*** THE INPUT ***

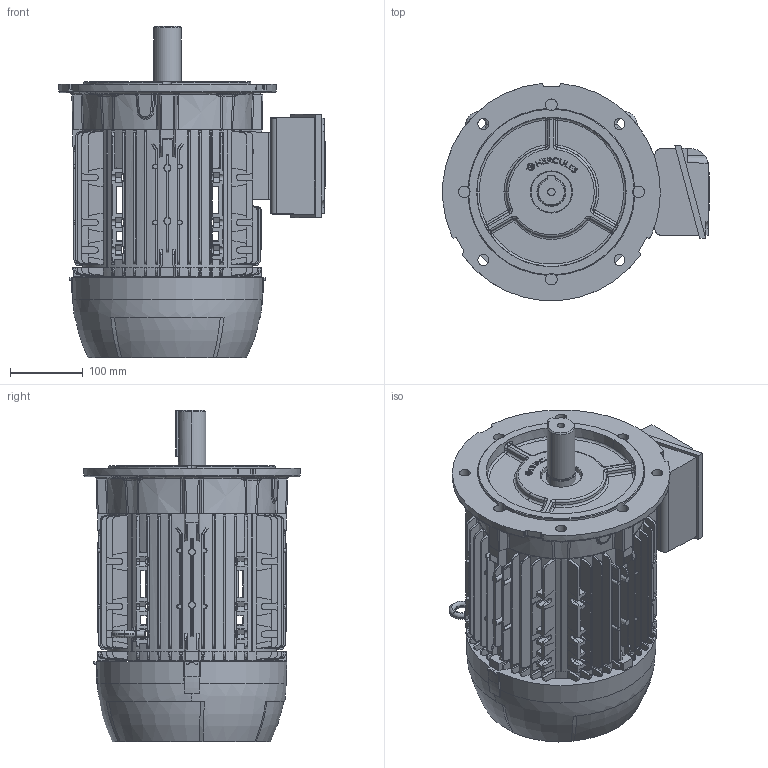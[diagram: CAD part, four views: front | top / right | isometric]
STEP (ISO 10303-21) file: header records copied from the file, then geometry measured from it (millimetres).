
FILE_DESCRIPTION (( 'STEP AP203' ), '1' );
FILE_NAME ('132S_SP_FF_LEFT.STEP', '2022-07-27T11:52:40', ( '' ), ( '' ), 'SwSTEP 2.0', 'SolidWorks 2020', '' );
FILE_SCHEMA (( 'CONFIG_CONTROL_DESIGN' ));
Length unit declared in the file: millimetre
Products named in the file (1): 132S_SP_FF_LEFT
Bounding box: 366.56 x 298.63 x 456 mm (x, y, z)
Surface area: 898536.2 mm2 (no closed solid volume)
Topology: 0 solids, 14 shells, 2288 faces, 6704 edges, 4403 vertices
Faces by surface type: plane 1309, cone 372, bspline 283, cylinder 196, torus 114, sphere 14
Entity records: 88197 total; most frequent: CARTESIAN_POINT 32392, ORIENTED_EDGE 12433, DIRECTION 9987, EDGE_CURVE 6685, VERTEX_POINT 4403, VECTOR 3399, LINE 3399, AXIS2_PLACEMENT_3D 3294

*** End of THE INPUT ***

The records need to be restated word for word, minus any images.

[diagram: CAD part, four views: front | top / right | isometric]
STEP (ISO 10303-21) file: header records copied from the file, then geometry measured from it (millimetres).
FILE_DESCRIPTION (( 'STEP AP203' ), '1' );
FILE_NAME ('132S_SP_FF_LEFT.STEP', '2022-07-27T11:52:40', ( '' ), ( '' ), 'SwSTEP 2.0', 'SolidWorks 2020', '' );
FILE_SCHEMA (( 'CONFIG_CONTROL_DESIGN' ));
Length unit declared in the file: millimetre
Products named in the file (1): 132S_SP_FF_LEFT
Bounding box: 366.56 x 298.63 x 456 mm (x, y, z)
Surface area: 898536.2 mm2 (no closed solid volume)
Topology: 0 solids, 14 shells, 2288 faces, 6704 edges, 4403 vertices
Faces by surface type: plane 1309, cone 372, bspline 283, cylinder 196, torus 114, sphere 14
Entity records: 88197 total; most frequent: CARTESIAN_POINT 32392, ORIENTED_EDGE 12433, DIRECTION 9987, EDGE_CURVE 6685, VERTEX_POINT 4403, VECTOR 3399, LINE 3399, AXIS2_PLACEMENT_3D 3294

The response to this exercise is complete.